Cost Per Additional Responder Associated With Ixekizumab and Etanercept in the Treatment of Moderate-to-Severe Psoriasis

December 2017 | Volume 16 | Issue 12 | Original Article | 1246 | Copyright © December 2017


Steven R. Feldman MD PhD,a Shonda A. Foster PharmD MS,b Baojin Zhu PhD,b Russel Burge PhD,b,c Sarah Al Sawah PhD,b and Orin M. Goldblum MDb

aWake Forest School of Medicine Dermatology, Winston-Salem, NC bEli Lilly and Company, Lilly Corporate Center, Indianapolis, IN cWinkle College of Pharmacy, University of Cincinnati, Cincinnati, OH

Abstract

BACKGROUND: Newer psoriasis treatments can achieve greater levels of effcacy than older systemic therapies; however, current pso-riasis costs are substantial. We sought to estimate costs per additional responder associated with ixekizumab and etanercept, versus placebo, using effcacy data from phase 3 clinical trials (UNCOVER-2 and UNCOVER-3).

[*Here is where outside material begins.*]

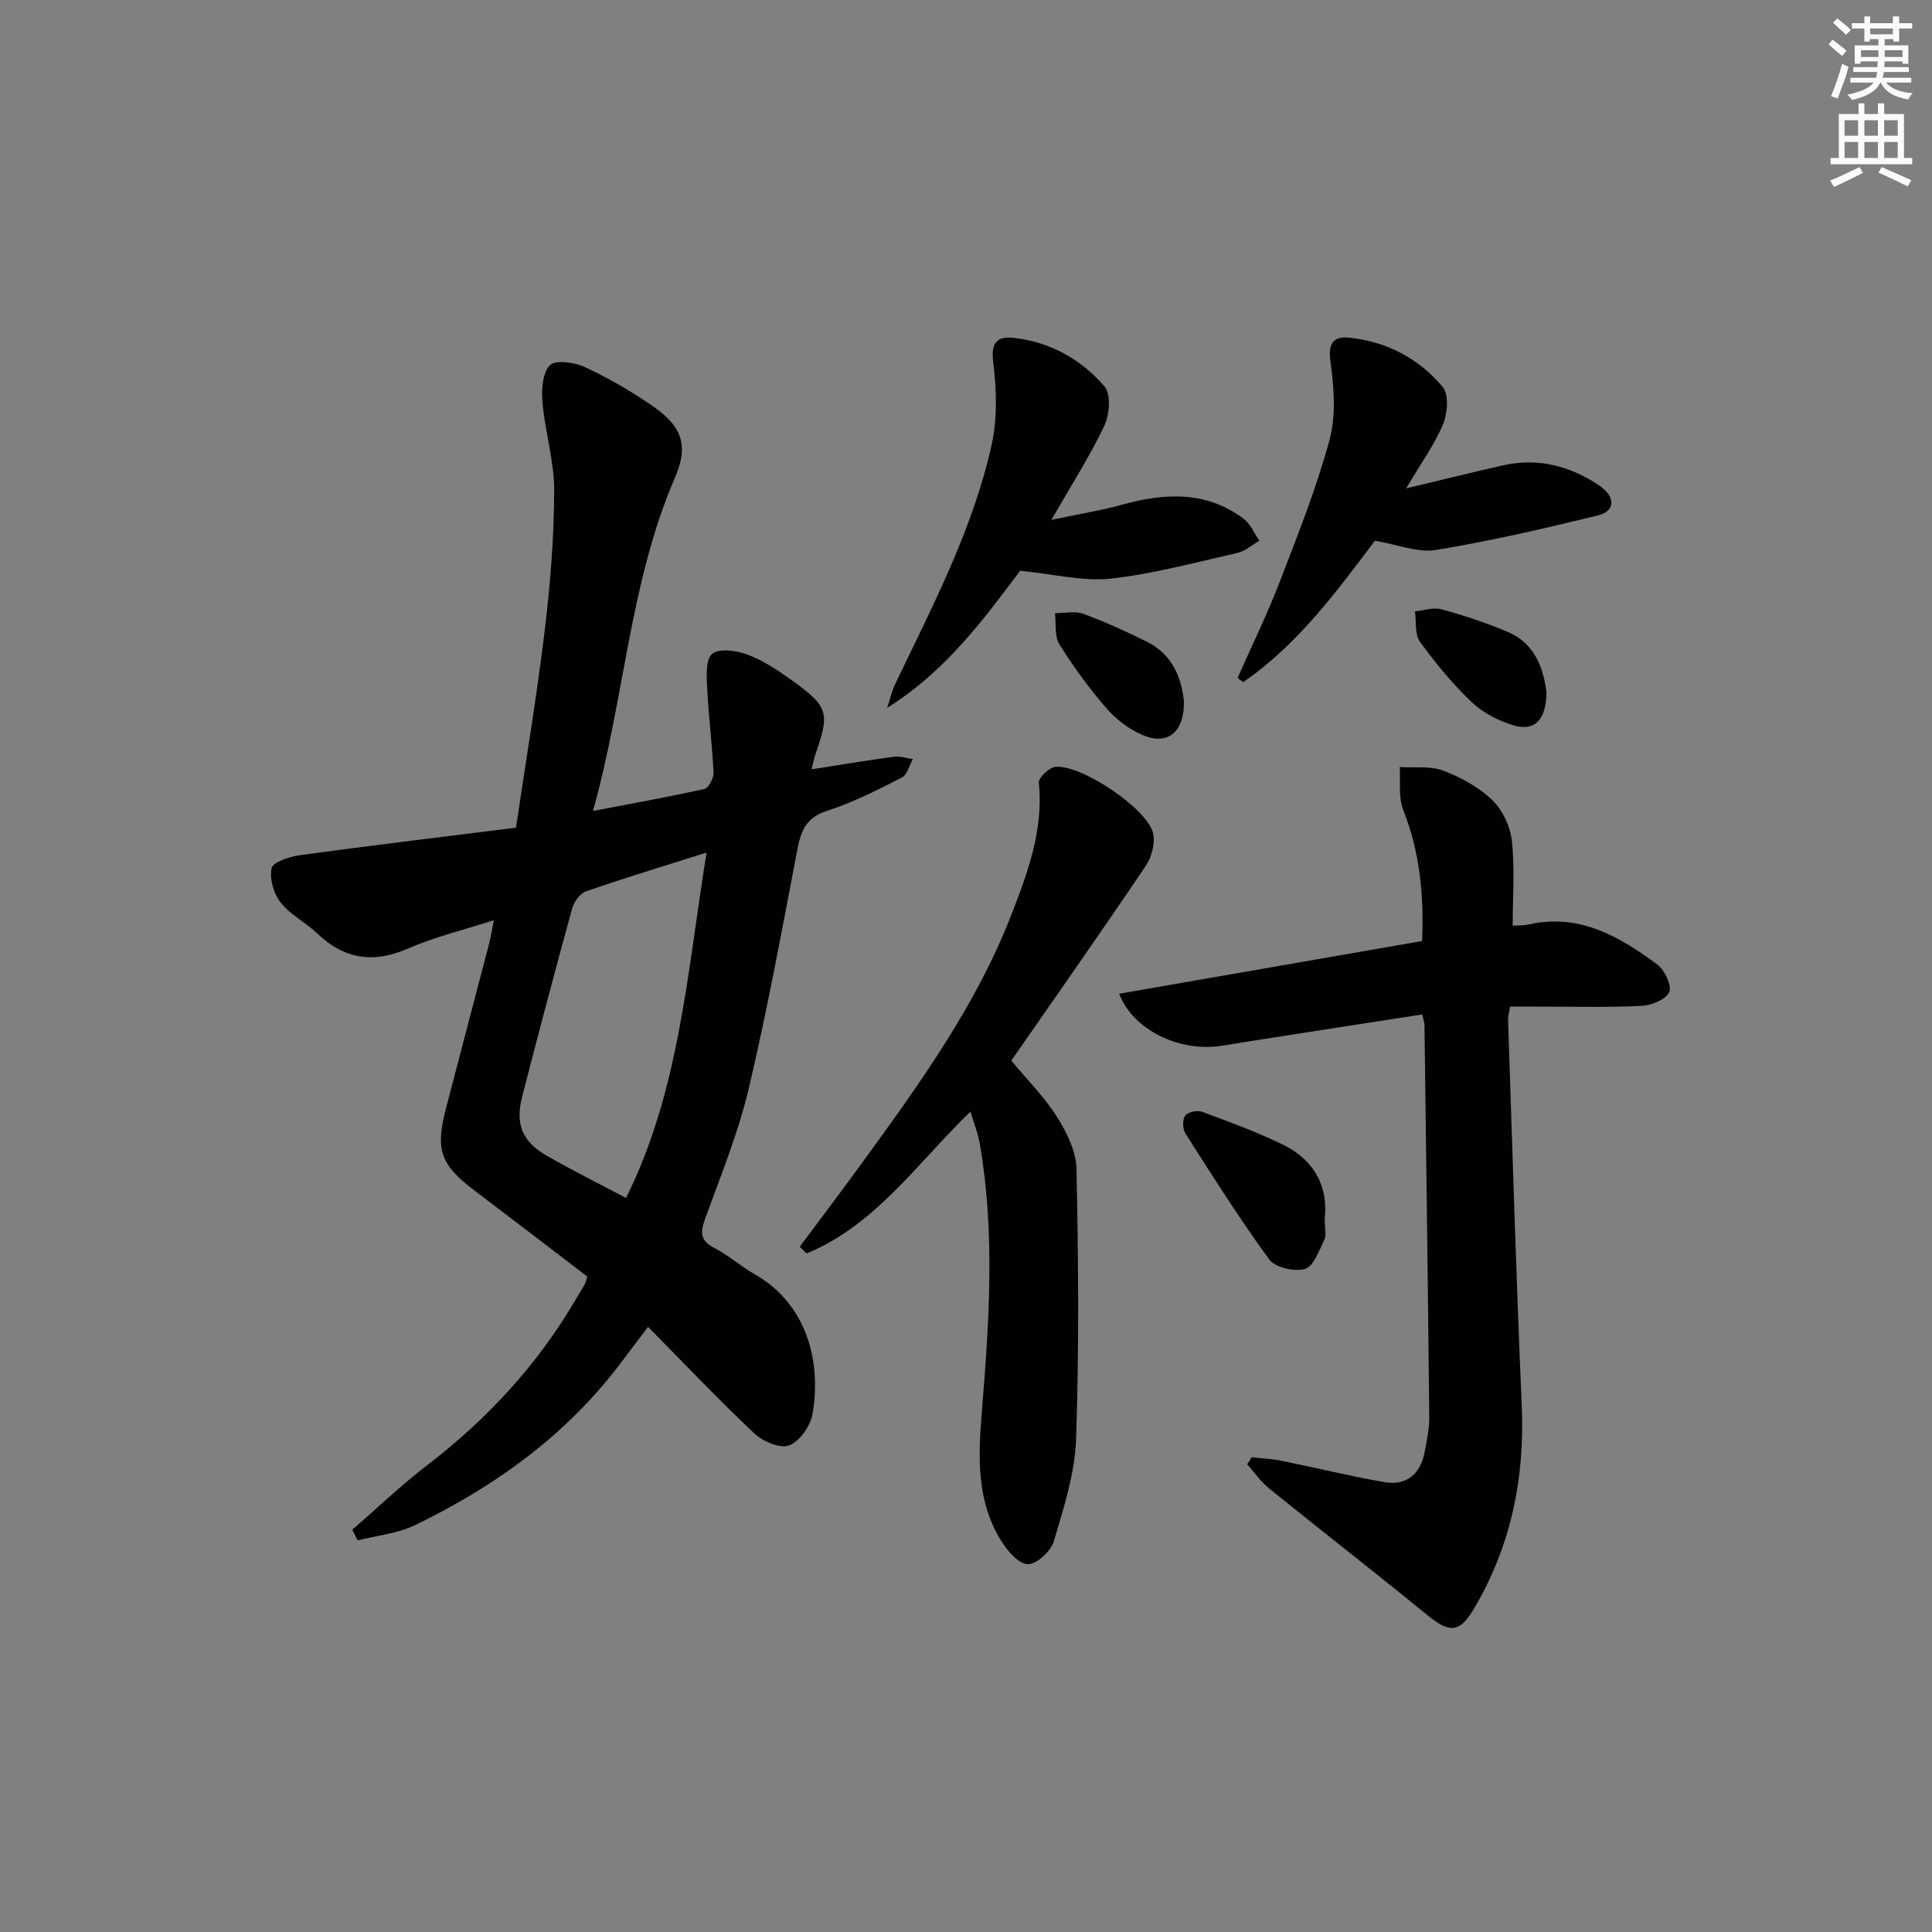 <svg enable-background="new 0 0 400 400" viewBox="0 0 400 400" xmlns="http://www.w3.org/2000/svg"><rect x="0" y="0" width="400" height="400" fill="#808080" stroke="none"/><g fill="#010102"><path d="m168.03 159.28c5.92-.92 11.45-1.86 17-2.6 1.28-.17 2.65.3 3.97.48-.75 1.31-1.17 3.26-2.3 3.83-5.02 2.55-10.1 5.16-15.44 6.87-4.24 1.35-5.4 3.98-6.14 7.84-3.19 16.62-6.22 33.29-10.12 49.75-2.17 9.17-5.8 18.01-9.02 26.9-1.02 2.81-1.02 4.52 1.93 6.04 2.93 1.51 5.46 3.8 8.34 5.43 9.92 5.6 14.02 16.78 11.99 28.86-.42 2.5-2.64 5.7-4.83 6.57-1.84.73-5.46-.8-7.22-2.46-7.39-6.96-14.38-14.34-22.02-22.08-2.03 2.69-3.8 5.01-5.54 7.33-11.25 15-26.01 25.63-42.67 33.71-3.63 1.76-7.93 2.15-11.92 3.17-.37-.73-.74-1.46-1.1-2.2 5.16-4.48 10.1-9.23 15.51-13.37 12.44-9.54 22.85-20.81 30.77-34.35.59-1 1.23-1.98 1.79-3 .24-.43.34-.93.6-1.69-7.74-5.91-15.52-11.89-23.34-17.8-7.1-5.37-8.19-8.43-5.91-17.13 2.98-11.39 5.98-22.77 8.95-34.17.32-1.25.5-2.53.93-4.7-6.39 2.07-12.32 3.51-17.83 5.9-7.16 3.11-13.14 2.18-18.73-3.15-2.4-2.29-5.58-3.87-7.59-6.42-1.43-1.82-2.32-4.9-1.86-7.07.27-1.27 3.61-2.4 5.69-2.69 14.78-2.02 29.59-3.8 44.91-5.72 2.08-14.05 4.34-27.45 5.96-40.93 1.15-9.56 1.92-19.21 1.95-28.83.02-6.06-1.87-12.1-2.42-18.2-.23-2.62-.04-6.14 1.51-7.76 1.14-1.19 5.14-.64 7.29.37 4.94 2.31 9.73 5.07 14.2 8.2 5.92 4.14 7.29 8.06 4.42 14.69-9.41 21.78-10.39 45.51-16.97 69 8.32-1.6 15.74-2.91 23.07-4.56.87-.2 1.94-2.23 1.89-3.37-.27-5.79-1.02-11.56-1.31-17.36-.12-2.48-.4-6.01 1-7.22s5.01-.73 7.25.1c3.21 1.19 6.21 3.16 9.02 5.18 7.97 5.72 8.21 6.78 4.96 16.02-.19.64-.29 1.29-.62 2.59zm-21.74 17.23c-8.96 2.84-17.03 5.28-24.98 8.04-1.24.43-2.48 2.19-2.86 3.57-3.56 12.94-6.99 25.91-10.34 38.9-1.46 5.66-.02 9.31 5.01 12.21 5.29 3.06 10.79 5.78 16.5 8.8 11.11-22.41 12.64-46.68 16.67-71.52z"/><path d="m294.47 210.03c-14.08 2.19-27.84 4.28-41.59 6.49-8.5 1.36-18.32-3.19-21.16-10.78 20.94-3.64 41.7-7.26 62.71-10.91.41-9.54-.48-18.46-3.91-27.16-1.04-2.64-.53-5.89-.72-8.86 3.01.19 6.27-.28 8.97.73 3.66 1.38 7.37 3.4 10.16 6.08 2.14 2.06 3.75 5.47 4.08 8.45.63 5.69.18 11.49.18 17.58.83-.06 2.13.02 3.36-.26 10.48-2.35 18.77 2.53 26.61 8.33 1.52 1.13 3.03 4.43 2.42 5.73-.73 1.54-3.72 2.71-5.78 2.81-7.15.34-14.32.14-21.48.15-1.8 0-3.6 0-5.67 0-.2 1.22-.45 2-.42 2.76.9 26.59 1.66 53.18 2.83 79.76.66 15.04-2.2 29.1-9.86 42.08-3.02 5.13-5.09 5.13-9.71 1.36-10.82-8.83-21.85-17.41-32.72-26.19-1.73-1.4-3.04-3.32-4.55-5 .31-.49.63-.98.94-1.47 2.04.23 4.11.32 6.11.72 7.14 1.44 14.21 3.2 21.38 4.43 4.76.81 7.53-1.84 8.36-6.48.41-2.28.92-4.6.9-6.89-.27-27.13-.63-54.25-.99-81.38-.03-.48-.21-.96-.45-2.08z"/><path d="m200.92 230.14c-11.08 10.76-19.71 23.52-33.93 29.38-.47-.47-.94-.93-1.41-1.4 4.44-5.96 8.93-11.89 13.3-17.9 11.65-16.02 23.24-32.13 30.48-50.74 3.39-8.72 6.72-17.64 5.72-27.43-.1-1.02 2.14-3.16 3.44-3.28 5.35-.51 18.98 8.61 20.21 13.73.5 2.07-.32 5-1.56 6.84-9.38 13.9-19.02 27.62-27.79 40.25 3.27 3.95 6.85 7.52 9.48 11.68 2.02 3.2 3.94 7.12 4.02 10.76.38 18.64.55 37.31-.09 55.94-.25 7.11-2.56 14.23-4.61 21.14-.61 2.06-3.58 4.79-5.4 4.74-1.91-.06-4.22-2.78-5.51-4.86-5.12-8.23-4.75-17.36-4-26.6 1.52-18.56 2.8-37.14-.43-55.66-.36-2.06-1.16-4.05-1.92-6.59z"/><path d="m211.2 118.17c-7.31 9.75-15.3 20.74-27.51 28.37.56-1.68.94-3.44 1.7-5.02 7.67-16.02 15.99-31.83 19.89-49.3 1.23-5.5 1.07-11.53.36-17.16-.52-4.13.79-5.49 4.21-5.11 7.54.83 14 4.43 18.83 10.06 1.37 1.59 1.05 5.82-.03 8.11-2.96 6.25-6.73 12.12-10.97 19.51 5.74-1.21 10.24-1.93 14.6-3.13 8.84-2.44 17.41-2.93 25.19 2.9 1.43 1.07 2.2 3.01 3.27 4.55-1.52.87-2.94 2.16-4.57 2.53-8.74 1.98-17.46 4.35-26.33 5.33-5.66.6-11.57-.95-18.64-1.64z"/><path d="m284.66 111.95c-7.75 10.24-15.83 21.42-27.28 29.28-.38-.29-.77-.57-1.15-.86 2.91-6.59 6.09-13.09 8.68-19.8 3.75-9.73 7.64-19.47 10.36-29.51 1.38-5.1.9-10.94.18-16.29-.53-3.92.8-5.18 3.99-4.85 7.72.82 14.35 4.33 19.26 10.2 1.31 1.57 1 5.46.06 7.72-1.74 4.19-4.5 7.96-7.63 13.27 7.66-1.82 13.86-3.37 20.08-4.77 7.24-1.63 13.87.13 19.89 4.18 3.45 2.32 3.37 5.31-.26 6.19-11.1 2.72-22.26 5.3-33.53 7.15-3.81.62-8-1.13-12.65-1.91z"/><path d="m274.27 252.12c0 2.27.38 3.62-.08 4.56-1.09 2.22-2.2 5.49-4 6.03-2.16.65-6.17-.27-7.4-1.95-6.16-8.41-11.72-17.26-17.34-26.06-.6-.93-.67-2.87-.08-3.7.54-.76 2.5-1.19 3.49-.82 5.73 2.13 11.52 4.22 16.99 6.93 6.5 3.23 9.13 8.92 8.42 15.01z"/><path d="m245.12 145.18c.11 6.48-3.43 9.24-8.66 6.96-2.77-1.2-5.43-3.24-7.41-5.53-3.57-4.13-6.83-8.58-9.71-13.21-1.05-1.68-.66-4.27-.92-6.44 1.97.01 4.13-.52 5.86.12 4.5 1.65 8.88 3.66 13.18 5.79 5.33 2.64 7.15 7.52 7.66 12.31z"/><path d="m320.18 143.32c-.05 5.88-2.57 8.2-6.98 6.81-3.06-.96-6.23-2.58-8.52-4.77-3.94-3.77-7.48-8.05-10.68-12.48-1.12-1.55-.74-4.17-1.05-6.3 1.83-.18 3.81-.89 5.47-.44 4.61 1.26 9.19 2.78 13.61 4.63 6 2.51 7.55 7.93 8.15 12.55z"/></g><path d="m378.6 9.2.8-1c.9.7 1.9 1.4 2.9 2.3l-.9 1.1c-1.1-.9-2-1.7-2.8-2.4zm.5 10.7c.9-2.1 1.6-4.3 2.3-6.7.4.2.8.4 1.3.6-.7 3.1-1.5 4.3-2.2 6.6zm.4-15.2.9-.9c1 .8 2 1.6 2.8 2.4l-1 1c-1-.9-1.9-1.8-2.7-2.5zm12.5-1.3h1.2v1.4h2.7v1.1h-2.7v2.7h-1.2v-.5h-1.8v1.3h4.9v3.8h-1.2v-.5h-3.7c0 .4-.1.9-.1 1.2h5.1v1h-5.2c0 .5-.1.9-.3 1.2h6v1h-5.2c1.1 1.3 2.9 2 5.5 2.2-.4.4-.7.8-.9 1.3-2.9-.5-4.8-1.6-5.7-3.5h-.1c-.8 1.7-2.7 2.9-5.9 3.6-.2-.4-.6-.8-.9-1.1 2.8-.6 4.6-1.4 5.4-2.5h-4.8v-1h5.3c.1-.3.2-.7.2-1.2h-4.9v-1h5c0-.4 0-.8.1-1.2h-3.6v.5h-1.2v-3.8h4.9v-1.3h-1.8v.5h-1.1v-2.7h-2.6v-1.1h2.6v-1.4h1.2v1.4h4.7v-1.4zm-6.7 8.4h3.6c0-.4 0-.9 0-1.4h-3.6zm1.9-4.7h4.7v-1.2h-4.7zm6.7 3.3h-3.7v1.4h3.7z" fill="#fcfafa"/><path d="m384.7 21.4h1.3v2.2h2.8v-2.2h1.3v2.2h4.1v9.1h1.7v1.3h-16.9v-1.3h1.7v-9.1h4.1v-2.2zm.3 13.2.7 1.2c-1.8.9-3.8 1.9-6 2.9-.2-.4-.5-.8-.8-1.3 2.4-1 4.4-2 6.1-2.8zm-3.1-6.5h2.8v-3.2h-2.8zm0 4.6h2.8v-3.3h-2.8v3.2zm4.1-4.6h2.8v-3.2h-2.8zm0 4.6h2.8v-3.3h-2.8zm3.6 1.9c2.1.9 4.1 1.8 6.1 2.7l-.7 1.3c-2.2-1.1-4.2-2-6.1-2.9zm3.3-9.7h-2.8v3.2h2.8zm-2.8 7.8h2.8v-3.3h-2.8z" fill="#fcfafa"/></svg>

METHODS: In UNCOVER-2/UNCOVER-3, patients received subcutaneous placebo, etanercept 50 mg twice weekly (BIW), or ixekizumab one 80 mg injection every 2 weeks (Q2W) after a 160-mg starting dose. Twelve-week induction-phase Psoriasis Area and Severity Index (PASI) 75, PASI 90, and PASI 100 response rates for ixekizumab, etanercept, and placebo were obtained from pooled data from the overall and United States (US) subgroup intention-to-treat (ITT) populations, and used to calculate numbers needed to treat (NNTs) to achieve one additional PASI 75, PASI 90, or PASI 100 response for ixekizumab Q2W and etanercept BIW versus placebo. Twelve-week drug costs per patient were calculated based on the UNCOVER-2/UNCOVER-3 dosing schedule and wholesale acquisition costs. Mean costs per additional responder for PASI 75, PASI 90, and PASI 100 for each treatment versus placebo were calculated for pooled UN-COVER-2/UNCOVER-3 overall and US subgroup ITT populations.

RESULTS: Pooled overall ITT population: costs per additional PASI 75, PASI 90, or PASI 100 responder were US $37,540, US $46,299, or US $80,710 for ixekizumab Q2W and US $57,533, US $120,720, or US $404,695 for etanercept BIW, respectively. US subgroup ITT population: costs per additional PASI 75, PASI 90, or PASI 100 responder were US $38,165, US $49,740, or US $93,536 for ixekizumab Q2W and US $69,580, US $140,881, or US $631,875 for etanercept BIW, respectively.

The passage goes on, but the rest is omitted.